E já começam muito bem a colocar as castanhas a assar pro São Martinho com neste momento forte possibilidade de estar presente o AA por essa data, de acordo com os ensembles do GFS !!

Mas antes claro ainda teremos uns 5 dias de instabilidade de forma geral com aguaceiros em especial a Norte e Centro !!


----------



## Jorge_scp (28 Out 2011 às 20:44)

Aurélio disse:


> E já começam muito bem a colocar as castanhas a assar pro São Martinho com neste momento forte possibilidade de estar presente o AA por essa data, de acordo com os ensembles do GFS !!
> 
> Mas antes claro ainda teremos uns 5 dias de instabilidade de forma geral com aguaceiros em especial a Norte e Centro !!



Também é verdade, o facto é que mais de 90% das perturbações colocam o AA para essa altura, estranho tanta concordância a tão longo prazo e sem se ter a certeza do que se vai passar ao certo na próxima semana. Não sou "seguidor" de modelos há muitos anos, talvez pessoal mais experiente possa dizer melhor, mas dá-me a impressão que os modelos têm vindo a melhorar nas suas previsões a longo prazo, prevendo padrões com bastante rigor. Claro que nem sempre é assim, mas ainda me lembro que olhar para as 200h era, quando comecei a ligar mais a isto, quase adivinhação.

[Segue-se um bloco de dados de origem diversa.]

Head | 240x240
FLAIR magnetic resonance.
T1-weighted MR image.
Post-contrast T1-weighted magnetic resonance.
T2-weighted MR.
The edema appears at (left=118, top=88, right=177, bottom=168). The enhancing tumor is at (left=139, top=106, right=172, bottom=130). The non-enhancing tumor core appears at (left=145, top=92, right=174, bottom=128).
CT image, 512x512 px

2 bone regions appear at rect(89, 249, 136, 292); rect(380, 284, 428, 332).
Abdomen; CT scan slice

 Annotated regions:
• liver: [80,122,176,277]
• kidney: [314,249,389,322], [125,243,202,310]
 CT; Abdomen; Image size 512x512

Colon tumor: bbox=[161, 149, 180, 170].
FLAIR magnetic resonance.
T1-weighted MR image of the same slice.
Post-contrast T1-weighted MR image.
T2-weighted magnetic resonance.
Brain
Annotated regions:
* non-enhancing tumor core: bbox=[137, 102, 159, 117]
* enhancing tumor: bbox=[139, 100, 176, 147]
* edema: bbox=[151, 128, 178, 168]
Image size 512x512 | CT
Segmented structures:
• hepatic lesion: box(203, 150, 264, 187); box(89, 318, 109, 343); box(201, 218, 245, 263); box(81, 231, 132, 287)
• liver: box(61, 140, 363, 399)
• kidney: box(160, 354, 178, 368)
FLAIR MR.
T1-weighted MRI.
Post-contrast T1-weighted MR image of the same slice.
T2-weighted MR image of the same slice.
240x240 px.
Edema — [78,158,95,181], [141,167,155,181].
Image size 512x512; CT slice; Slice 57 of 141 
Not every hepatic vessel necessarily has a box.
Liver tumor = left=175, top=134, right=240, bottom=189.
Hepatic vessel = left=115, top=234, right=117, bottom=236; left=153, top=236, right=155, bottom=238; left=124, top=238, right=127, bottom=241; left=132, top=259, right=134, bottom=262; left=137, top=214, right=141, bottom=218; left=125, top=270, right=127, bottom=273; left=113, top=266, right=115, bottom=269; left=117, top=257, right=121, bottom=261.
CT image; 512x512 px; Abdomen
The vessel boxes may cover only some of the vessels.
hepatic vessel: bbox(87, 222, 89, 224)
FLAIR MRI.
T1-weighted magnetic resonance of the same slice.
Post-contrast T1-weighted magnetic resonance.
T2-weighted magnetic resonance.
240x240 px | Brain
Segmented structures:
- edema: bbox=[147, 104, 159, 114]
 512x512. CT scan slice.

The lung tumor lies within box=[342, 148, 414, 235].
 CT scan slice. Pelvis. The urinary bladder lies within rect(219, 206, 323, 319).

Agora já se consegue tirar algumas ilações!


----------



## MarioCabral (28 Out 2011 às 22:56)

Jorge_scp disse:


> Também é verdade, o facto é que mais de 90% das perturbações colocam o AA para essa altura, estranho tanta concordância a tão longo prazo e sem se ter a certeza do que se vai passar ao certo na próxima semana. Não sou "seguidor" de modelos há muitos anos, talvez pessoal mais experiente possa dizer melhor, mas dá-me a impressão que os modelos têm vindo a melhorar nas suas previsões a longo prazo, prevendo padrões com bastante rigor. Claro que nem sempre é assim, mas ainda me lembro que olhar para as 200h era, quando comecei a ligar mais a isto, quase adivinhação. Agora já se consegue tirar algumas ilações!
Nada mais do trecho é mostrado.